Review: Two Boys

Two Boys 2

Nico Muhly’s music for his opera Two Boys is often shimmeringly beautiful, and the opera’s themes are intriguing. Unfortunately, those themes are given only a surface treatment – as a piece of music Two Boys is very satisfying, but as drama very unsatisfying.

The opera takes its plot from the real-life story of the stabbing of one teenage boy by another in Manchester, England in 2001, which turned out to be the result of a tangled web of online intrigue. A very provocative premise, but librettist Craig Lucas does precious little with it. One of the boys is gay, the other deeply confused; to me it would seem that investigating their psyches would be where you would find the real meat for a piece like this.

That investigation barely happens, however, we only get a handful of passages that even glance below the surface very late in the opera. Instead, we get a detective trying to piece together through two acts what anyone in the audience with any intelligence or imagination has figured out less than a half-hour into the first act. Again, the music Muhly has written for this detective – named Strawson – is quite affecting and suggests worlds of suppressed feeling that the corny words don’t even approach, and Alice Coote sings the role gorgeously. But, still…

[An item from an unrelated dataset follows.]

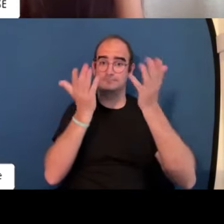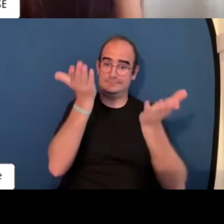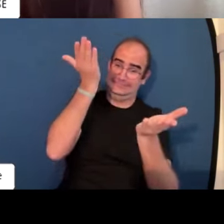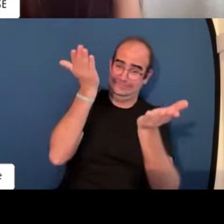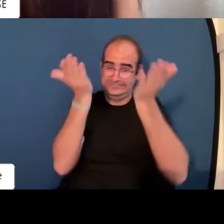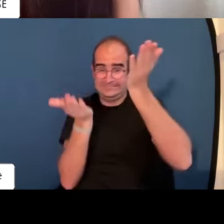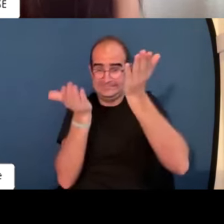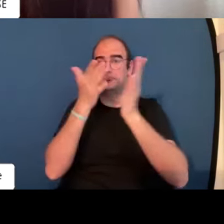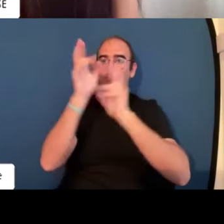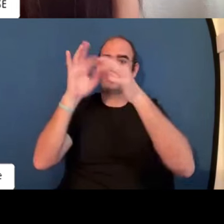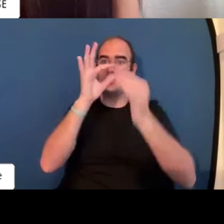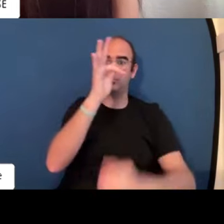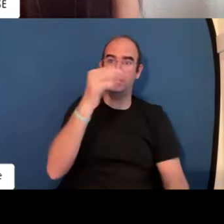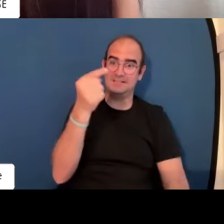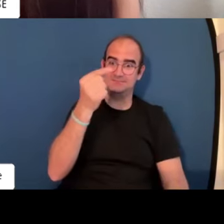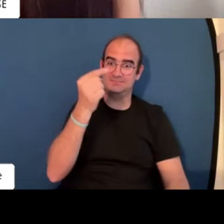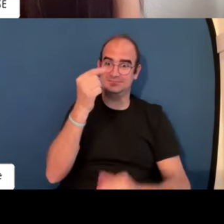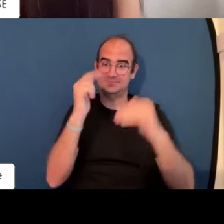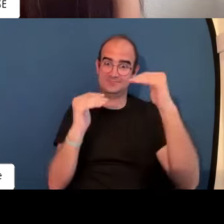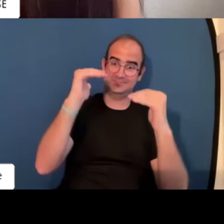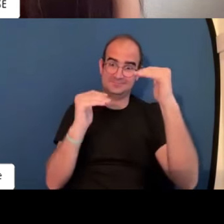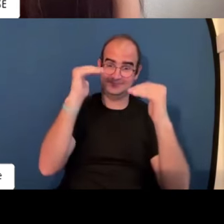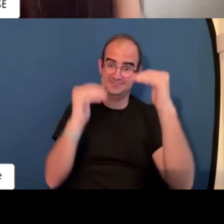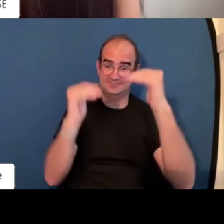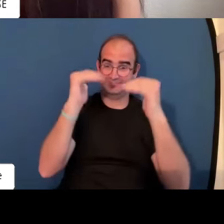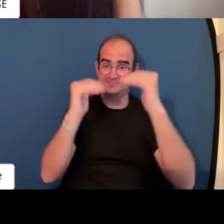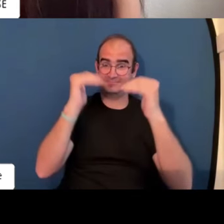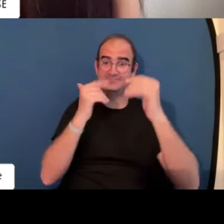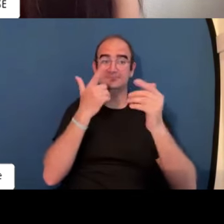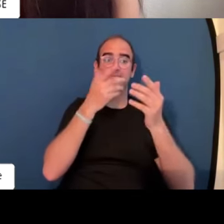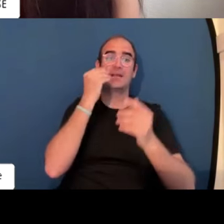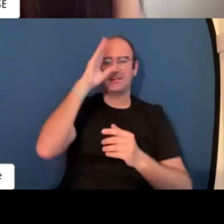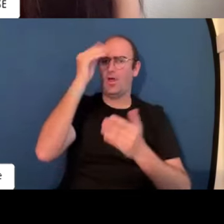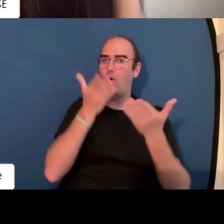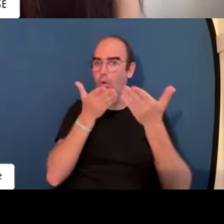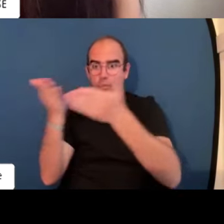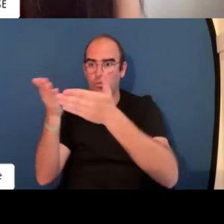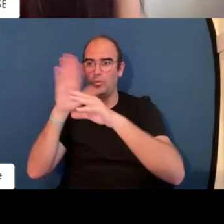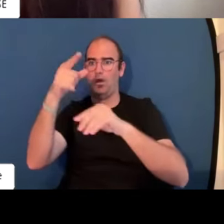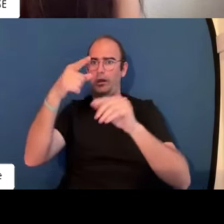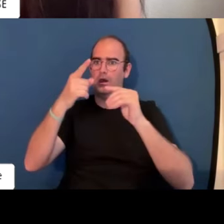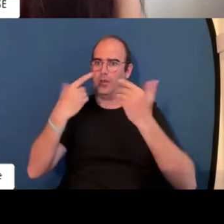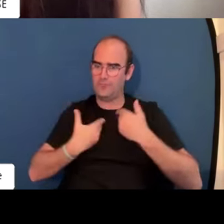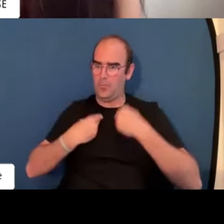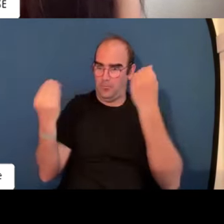curioso claro y al final en el día a día hay que equilibrar la balanza ver lo positivo y
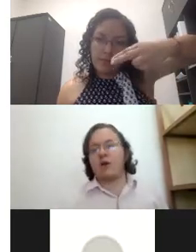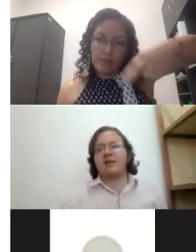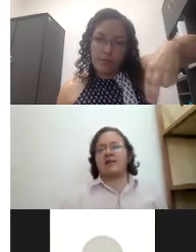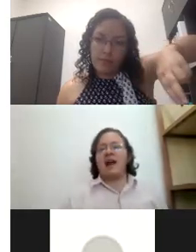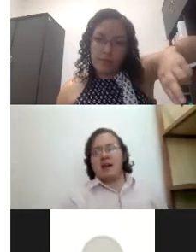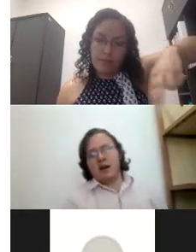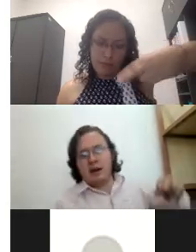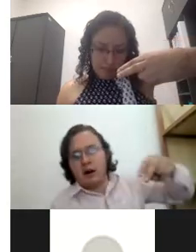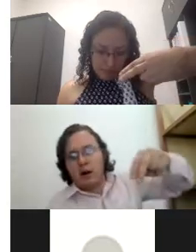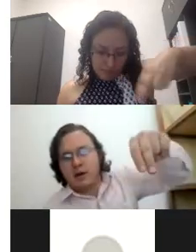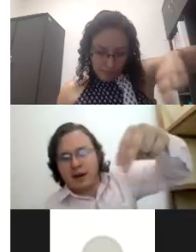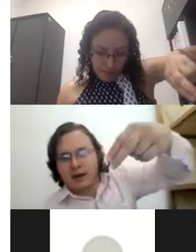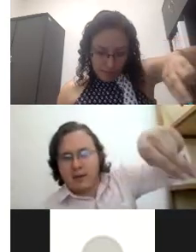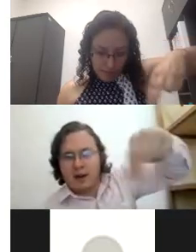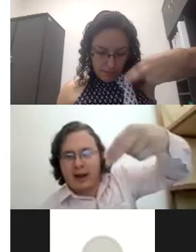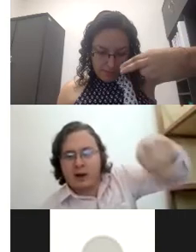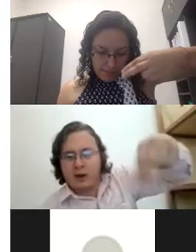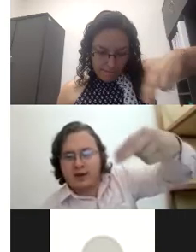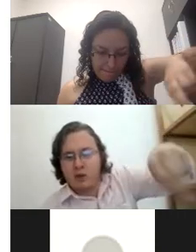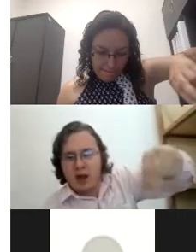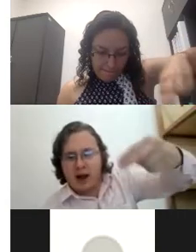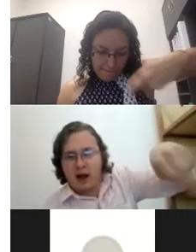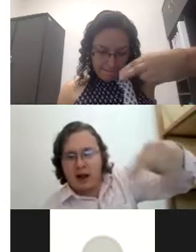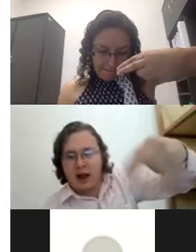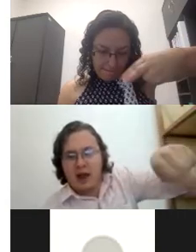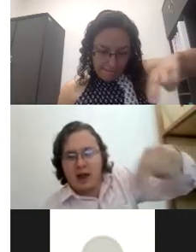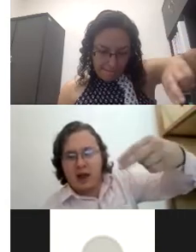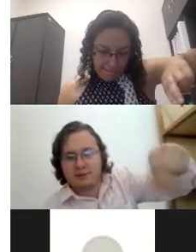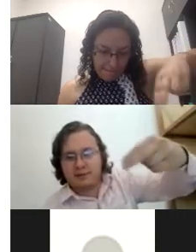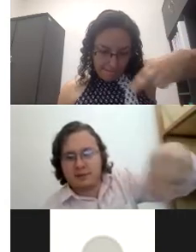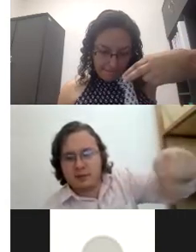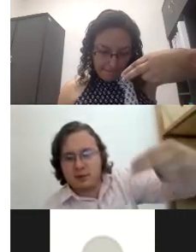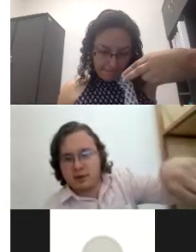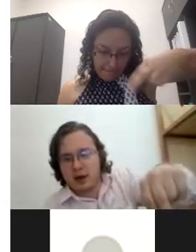lo que es la Ñ y lo que vamos a hacer es que vamos a girar nuestra muñeca Ñ ¿sí?

As the older, confused boy, Brain, Paul Appleby is a revelation, telling us more with a gesture or musical inflection than Lucas does in all the words he’s written for Brian. And Andrew Pulver is absolutely heartbreaking as geeky, gay Jake – both in his waveringly pure soprano and his poetically awkward way of moving. Bartlett Sher’s direction is brisk and intelligent, Hofesh Schechter’s surreal choreography truly haunting and 59 Production’s projection design a breathtaking marvel. But, still…

To me, looking into what motivates the troubled young Jake offers the best opportunity for helping the Met’s audience understand the thousand emotional traumas facing even the most mentally strong gay youth, let alone an introverted, isolated boy like Jake. That never happens here, and that is perhaps a bigger tragedy than any portrayed in the libretto.